Science Rabbit Newsletter

A neuroscientist’s deep dive into how these medications rewire neural circuits, reshape reward pathways, and may protect against dementia.

In 2024, Harvard researchers published findings that sent shockwaves through the medical community: patients taking semaglutide (Ozempic) faced a 4 to 7-fold increased risk of sudden, irreversible vision loss from a condition called NAION¹. Within weeks, an avalanche of lawsuits were filed. Yet paradoxically, around the same time, other researchers reported something extraordinary, the same drugs appeared to reduce cravings for alcohol by 50-56% and opioid use by 40%². Welcome to the bewildering world of GLP-1 receptor agonists, where breakthrough treatments and concerning side effects collide, where social media influencers peddle “nature’s Ozempic” while the FDA seizes counterfeit drugs, and where a medication designed for diabetes might hold keys to treating Alzheimer’s disease.

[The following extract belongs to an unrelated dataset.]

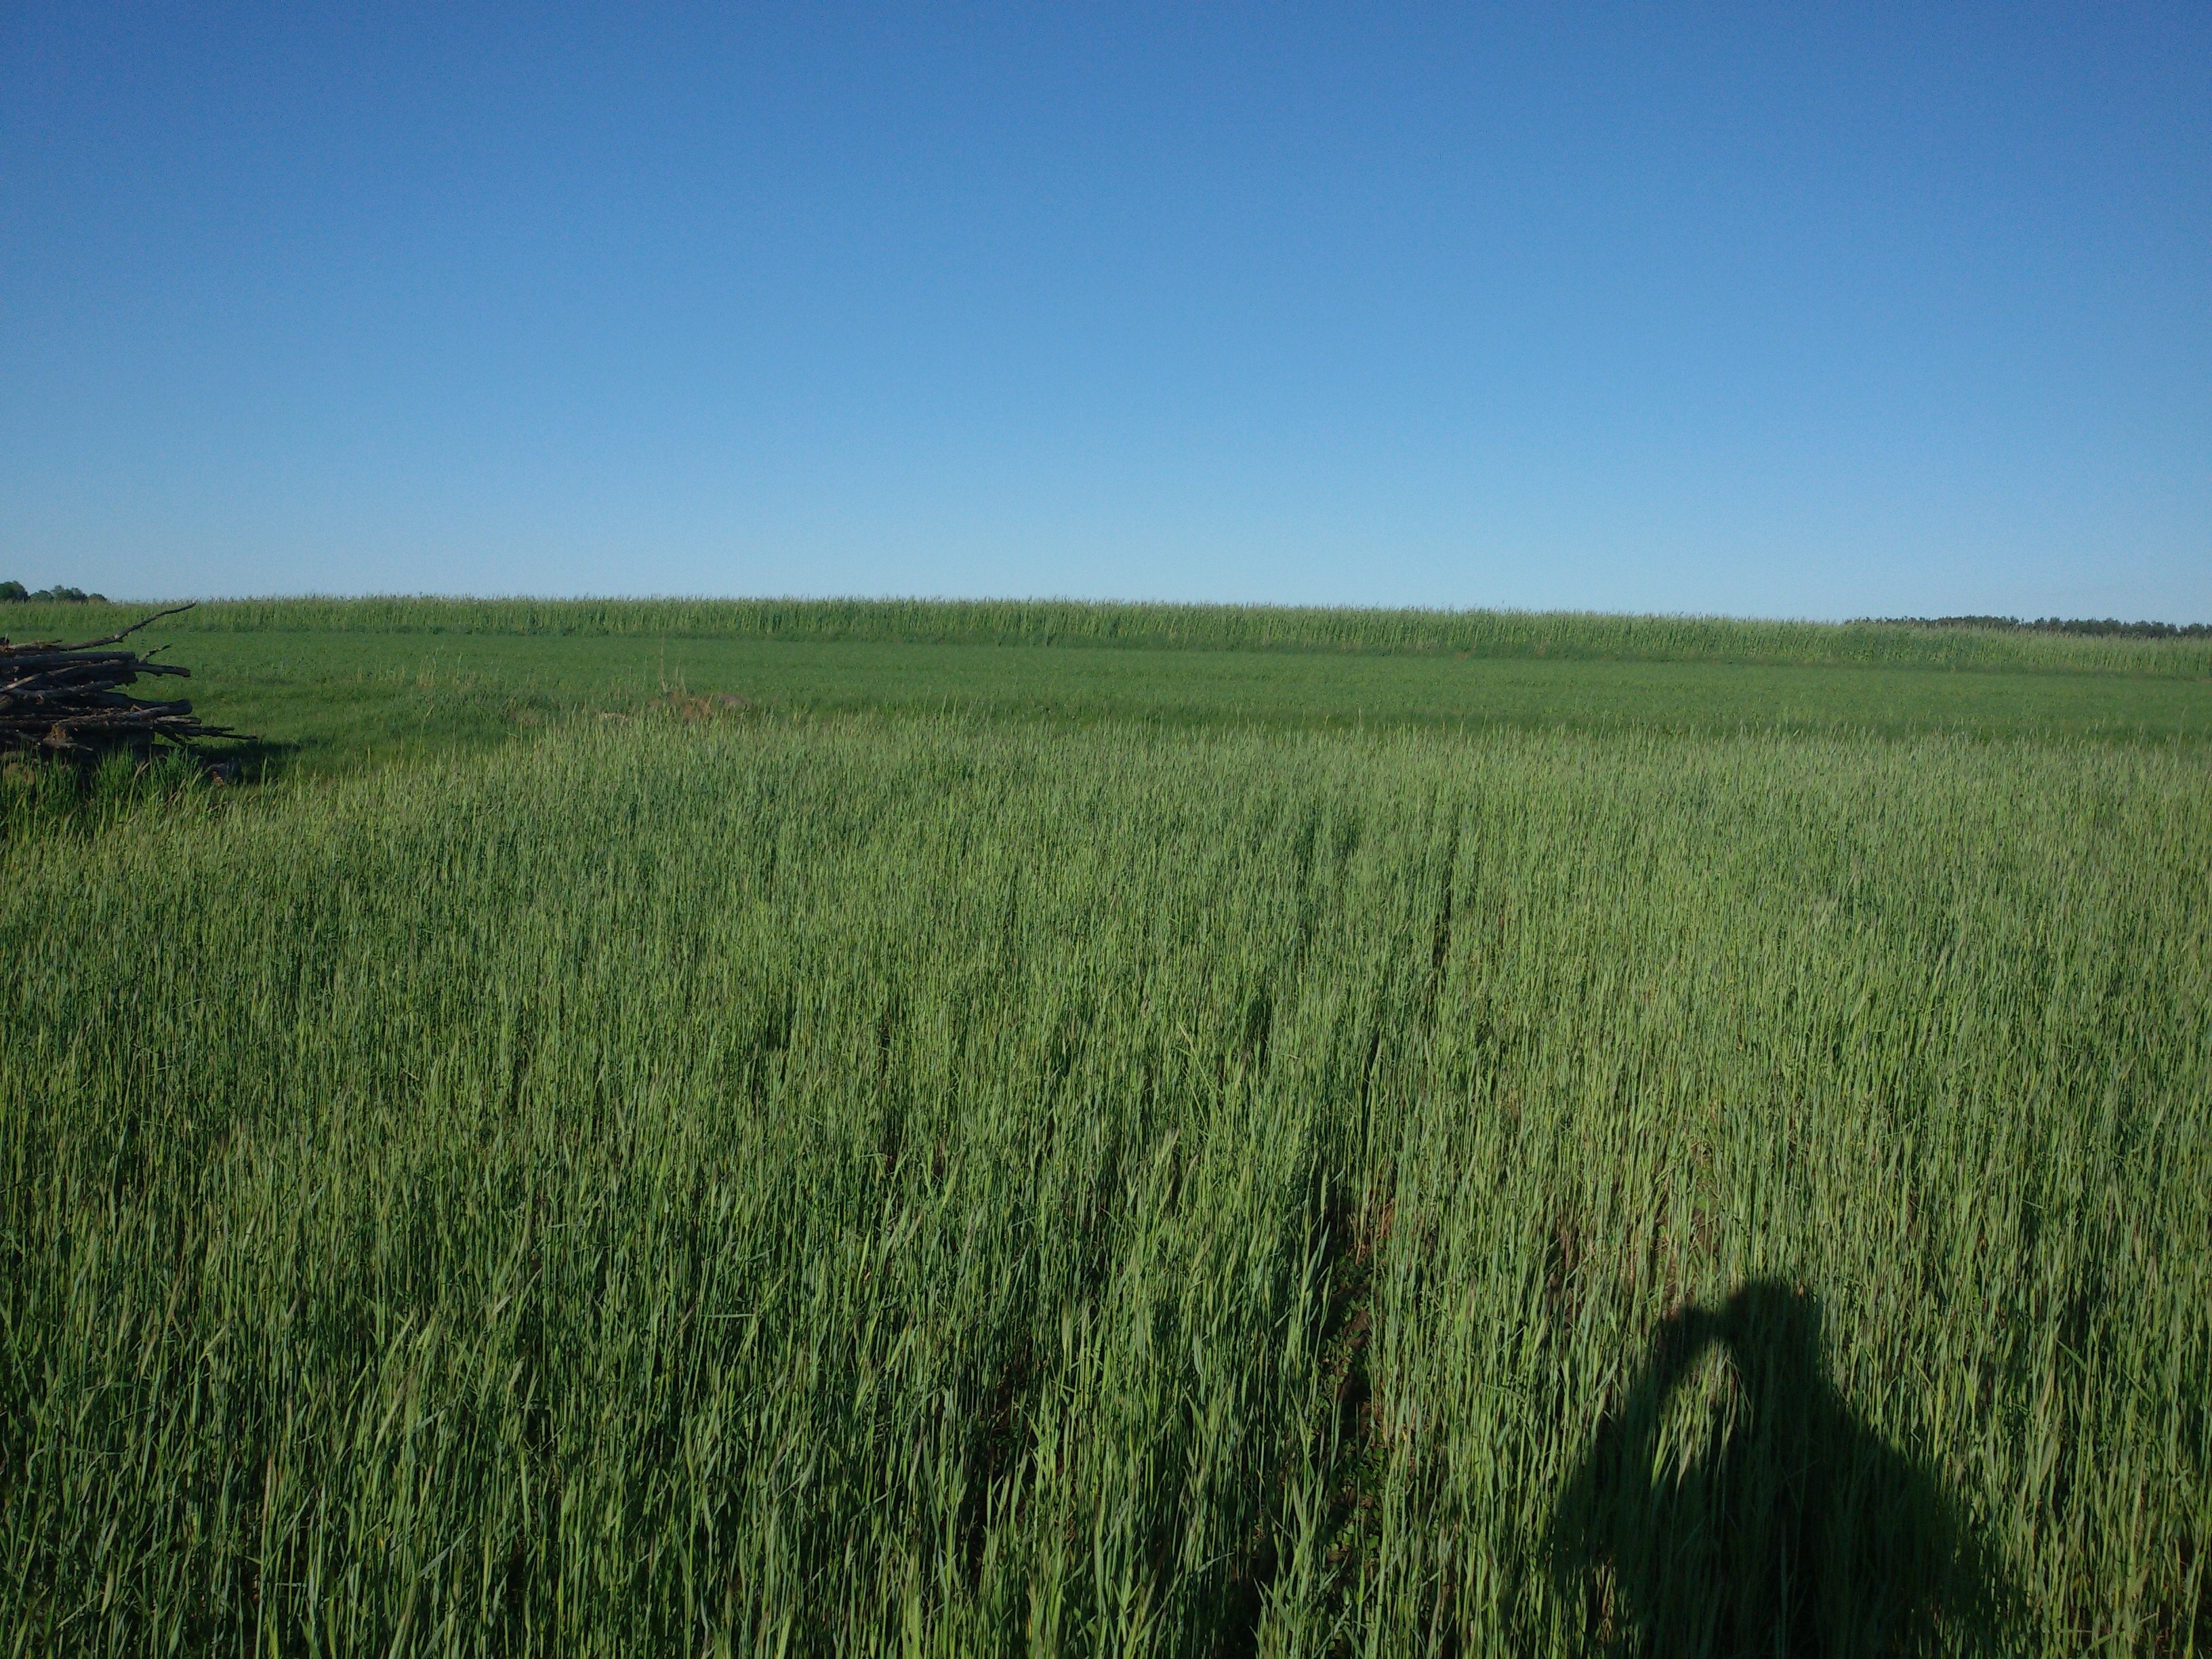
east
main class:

As a neuroscientist, I’ve watched this pharmaceutical revolution unfold with both fascination and real concern. These drugs don’t just shrink waistlines, they fundamentally alter how our brains process reward, regulate appetite, and potentially protect against neurodegeneration. But the explosion of misinformation surrounding these medications has created a perfect storm of false hope, unnecessary fear, and dangerous self-medication. Below, I examine what these drugs actually do to your brain, backed by the latest neuroscience research through 2025.

Separating Fact from Fiction: What Science Actually Says

Before we dive into the neuroscience, let’s address the shocking amount of misinformation stampeding through social media. The misinformation surrounding GLP-1 drugs has reached crisis levels, with everyone from wellness influencers to compounding pharmacies making claims that range from merely wrong to potentially lethal.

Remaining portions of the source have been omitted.